# Scripts for automatic job searching through job websites

## General functions

In [72]:
from selenium import webdriver
from selenium.webdriver.common.keys import Keys
from selenium.webdriver.common.by import By
from selenium.webdriver.support.ui import WebDriverWait
from selenium.webdriver.support import expected_conditions as EC
from selenium.common.exceptions import NoSuchElementException 
from bs4 import BeautifulSoup as bs
from datetime import datetime
from time import sleep
import pandas as pd
import requests
import json
import re
import os

def by_xpath(xpath, fill=None, enter=False, wait=0):
    '''Fills in an input field or clicks on an icon.'''
    
    try:
        elem = WebDriverWait(driver, 10).until(
            EC.element_to_be_clickable((By.XPATH, xpath))) # finds the specified field
    finally:
        if fill != None:
            elem.click()
            elem.clear()
            elem.send_keys(fill)
            sleep(wait)
            if enter == True:
                elem.send_keys(Keys.RETURN)
            
        else:
            if enter == True:
                elem.click()
                sleep(1)
                elem.send_keys(Keys.RETURN)
            else:
                sleep(wait)
                elem.click()
    return None

def if_element(xpath):
    '''Determines if element present in page.'''
    
    try:
        time.sleep(3)
        driver.find_element_by_xpath(xpath)
    except NoSuchElementException:
        return False
    return True

def elem_siblings(url, tag, class_):
    '''Returns the number siblings of given html block'''
    
    soup = bs((requests.get(url)).text)
    return len(soup.find(tag, class_=class_))
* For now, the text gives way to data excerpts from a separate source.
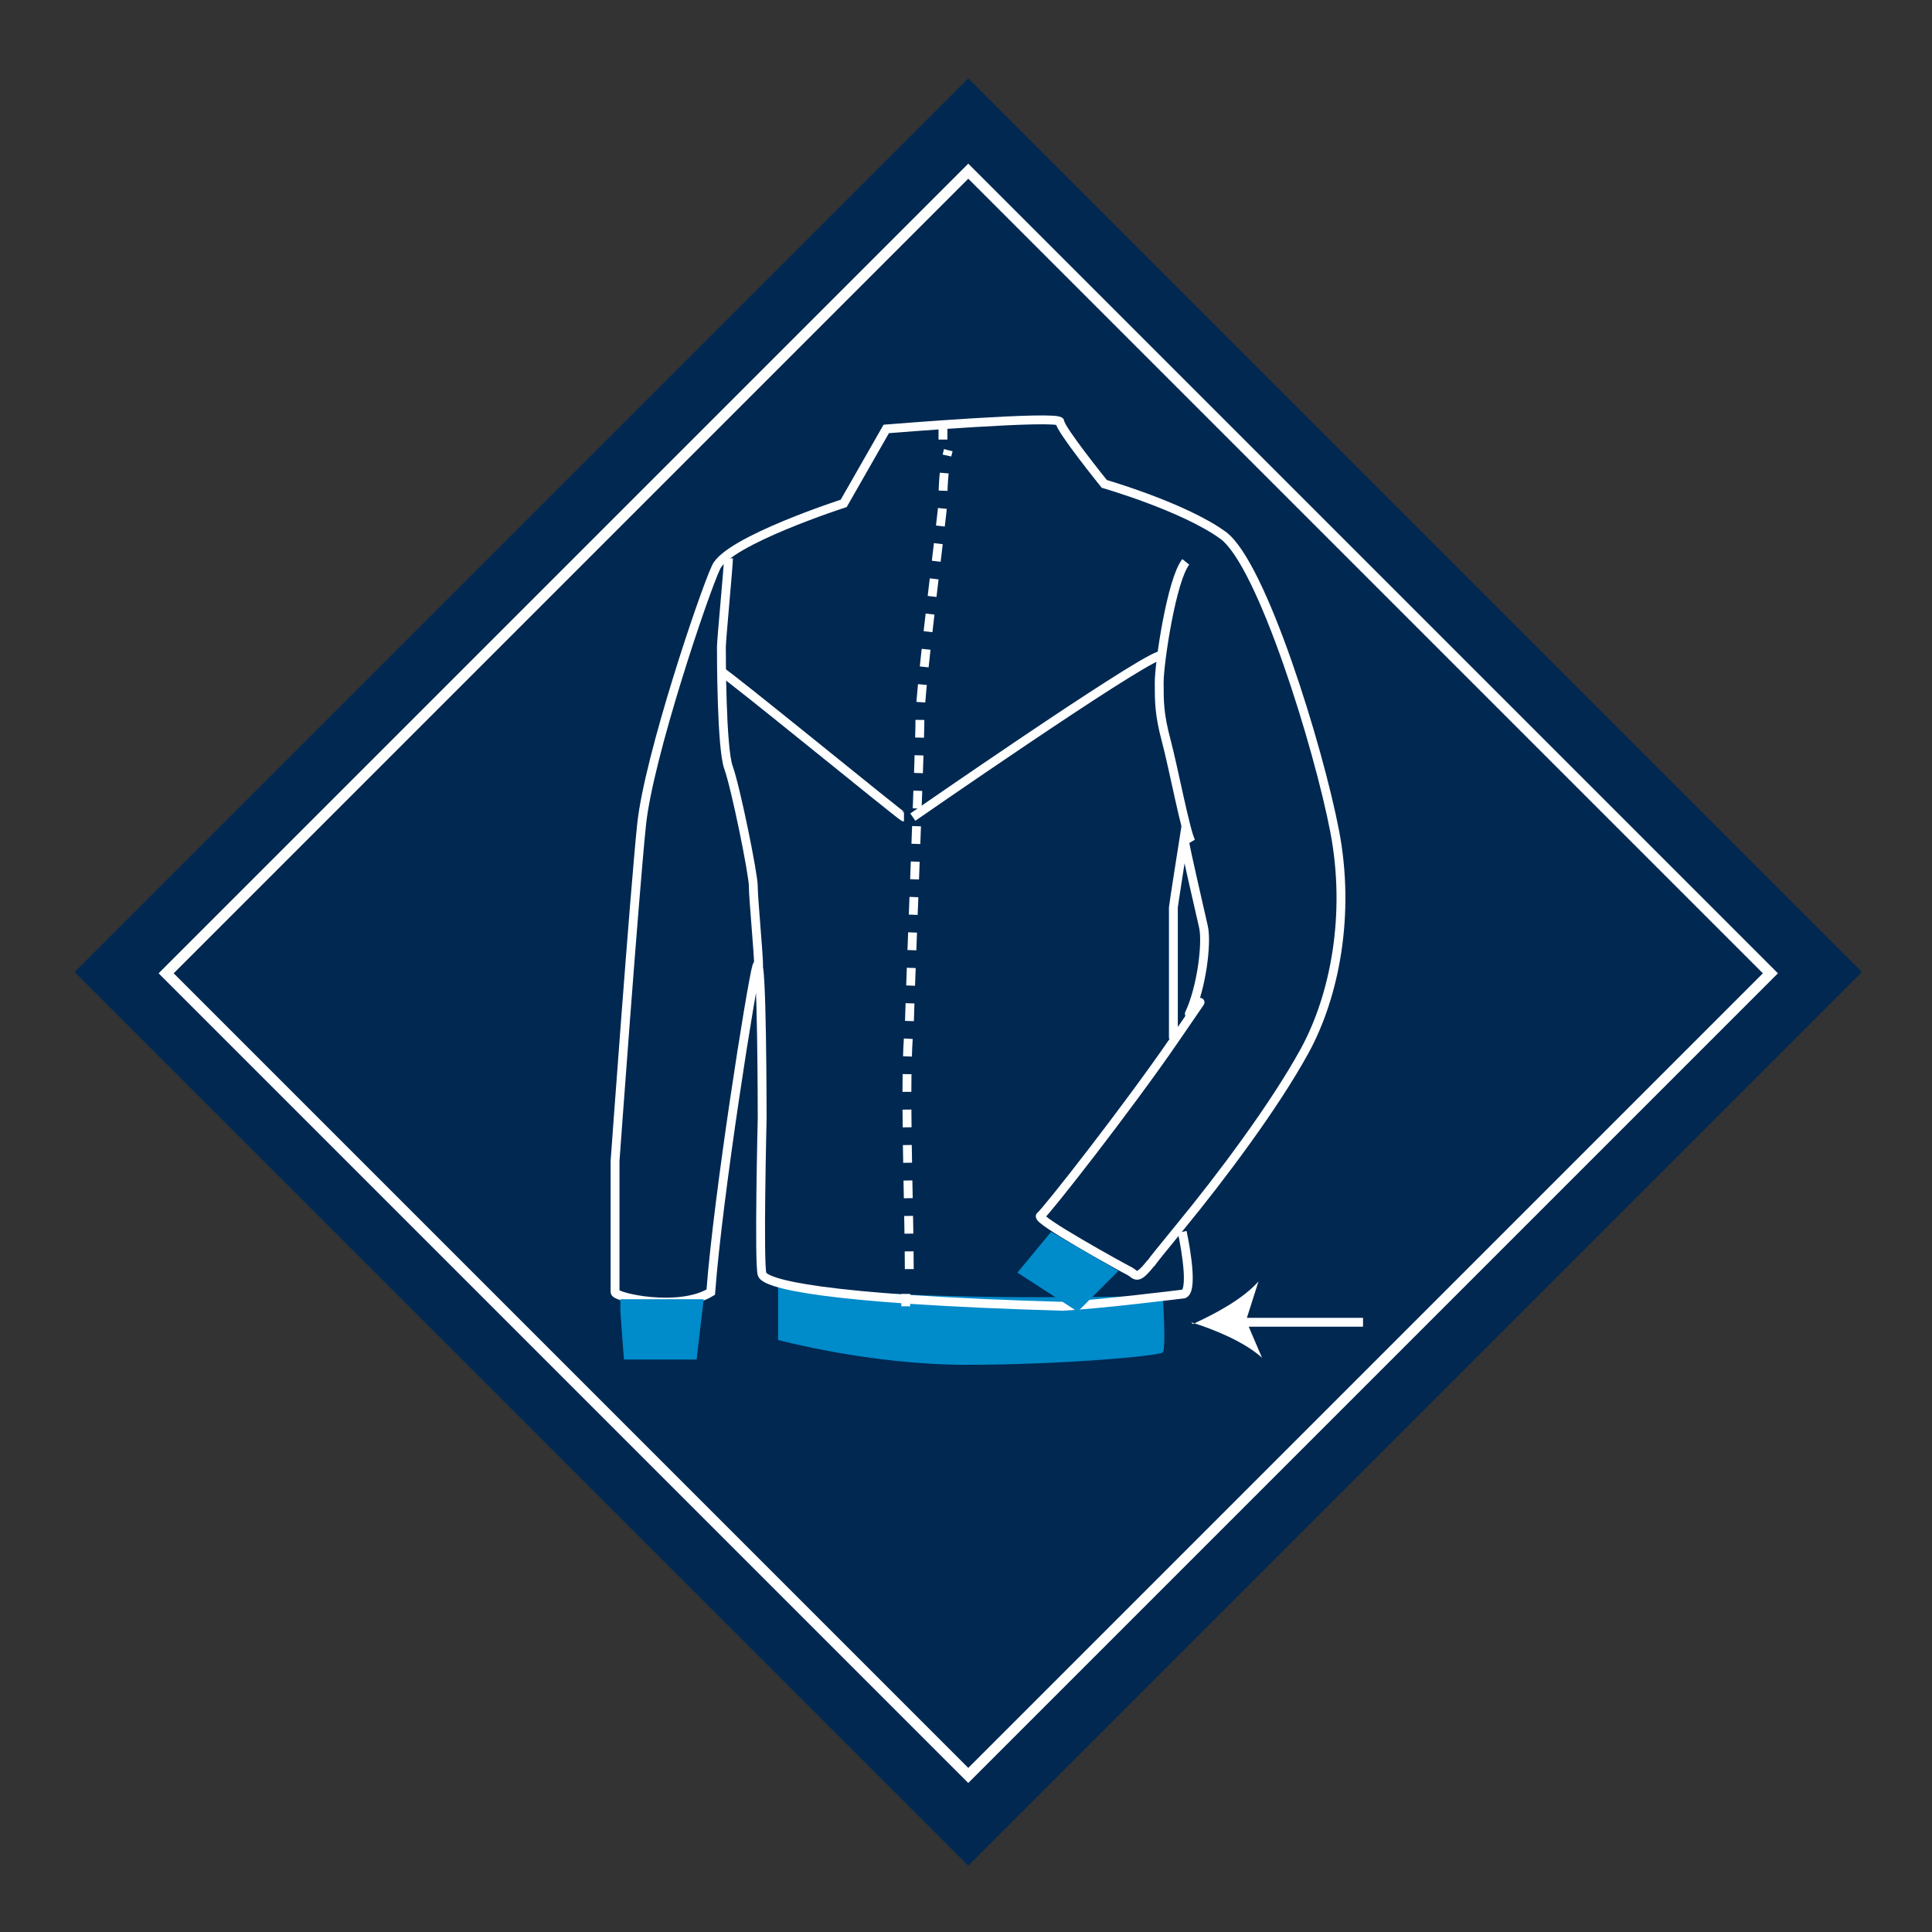<?xml version="1.0" encoding="UTF-8"?>
<svg id="Ebene_1" data-name="Ebene 1" xmlns="http://www.w3.org/2000/svg" version="1.1" viewBox="0 0 109 109">
  <rect x="0" y="0" width="109" height="109" fill="#333333" stroke="none"/>
  <defs>
    <style>
      .cls-1 {
        fill: #008bcb;
      }

      .cls-1, .cls-2, .cls-3 {
        stroke-width: 0px;
      }

      .cls-4, .cls-5, .cls-6 {
        fill: none;
        stroke: #fff;
      }

      .cls-4, .cls-6 {
        stroke-miterlimit: 10;
        stroke-width: .5px;
      }

      .cls-5 {
        stroke-miterlimit: 4;
        stroke-width: .6px;
      }

      .cls-2 {
        fill: #002851;
      }

      .cls-6 {
        stroke-dasharray: 0 0 0 0 0 0 1 1;
      }

      .cls-3 {
        fill: #fff;
      }
    </style>
  </defs>
  <rect class="cls-2" x="19" y="19.2" width="71.3" height="71.3" transform="translate(-22.8 54.7) rotate(-45)"/>
  <rect class="cls-5" x="22.6" y="22.9" width="64" height="64" transform="translate(-22.8 54.7) rotate(-45)"/>
  <g>
    <line class="cls-4" x1="76.9" y1="74.6" x2="70.1" y2="74.6"/>
    <path class="cls-3" d="M67.3,74.7c1.3-.6,2.8-1.4,3.7-2.4l-.7,2.2.9,2.1c-1-.9-2.7-1.6-4-2h0Z"/>
  </g>
  <path class="cls-1" d="M43.9,72.2v3.4s5.2,1.4,10.6,1.4,10.9-.5,11.1-.7,0-3.2,0-3.2c0,0-16.8.5-21.8-.9"/>
  <g>
    <path class="cls-4" d="M60,73.7c-13.9-.4-16.8-1.3-17-1.8s0-8.8,0-8.8c0,0,0-9.6-.3-8.6s-2.2,13-2.6,18.4c-1.8,1.1-5.4.3-5.4,0v-7.4s1.1-15.2,1.5-19,3.5-13,4.2-14.5,7.2-3.6,7.2-3.6l2.4-4.2s9.8-.8,9.8-.4,2.5,3.5,2.5,3.5c0,0,4.5,1.3,6.7,2.9s5.4,12,6.3,16.7,0,9.3-1.7,12.4-4.7,7.1-7,9.9-1.4,1.8-1.7,2.1c-.8,1-.8.6-1.2.4s-5.3-2.9-5-3.1,5-6.2,7.6-10,.8-1.1.8-1.4c.7-1.5,1-4,.8-4.9s-1-4.3-1.1-5c0,0-.6,3.8-.6,3.9v7.4"/>
    <g>
      <path class="cls-4" d="M51.1,73.7v-.7"/>
      <path class="cls-6" d="M51.3,71.6c0-3.6-.3-10.9,0-13.7.1-3.6.6-15.5.6-17.3s1.3-11.8,1.3-12.3,0-1.8.3-2.9"/>
      <path class="cls-4" d="M53.2,24.8v-.7"/>
    </g>
    <path class="cls-4" d="M66.7,69.5s.7,3.2.1,3.5c0,0-4.8.6-6.9.7"/>
    <path class="cls-4" d="M66.9,31.7c-.8,1-1.5,5.7-1.5,6.8s0,1.8.4,3.3,1.1,5.2,1.4,5.7"/>
    <path class="cls-4" d="M51.5,46.1s12.4-8.6,13.9-9.1"/>
    <path class="cls-4" d="M51,46.1c-.1,0-10-8.1-10.3-8.2"/>
    <path class="cls-4" d="M41.1,31.5c0,.4-.4,4.6-.4,5s0,5.7.4,6.8c.4,1.1,1.4,6,1.4,6.7s.3,3.8.3,4.5"/>
    <polygon class="cls-1" points="35 74 35.2 76.7 39.3 76.7 39.7 73.3 35 73.3 35 74"/>
    <polygon class="cls-1" points="59.3 69.5 57.4 71.8 60.8 74 63.1 71.7 59.3 69.5"/>
  </g>
</svg>

def jobs_tofile(filename, keyword, location):
    '''Extracts job headlines and their hrefs from web page
    
    Parameters:
        filename - [str] name of the file without extention
        head - [boolean] weather to append df with or withoud header
        
    Returns: None'''
    
    current_date = datetime.now().strftime("%d-%b") # current date [Day - Month]
    soup = bs((requests.get(driver.current_url)).text) # soup object

    headlines = [(block.h3.get_text(), keyword, location, block['href']) for block in soup.find_all('a', 
        class_=re.compile("listed-job-posting listed-job-posting--is-link*"))]
    
    df = pd.DataFrame(headlines, columns=['job_title', 'keyword', 'location', 'href'])
    df.to_csv(filename + '_' + current_date + '.csv', sep='\t', 
              encoding='utf-8', mode='a', header=False, index=False)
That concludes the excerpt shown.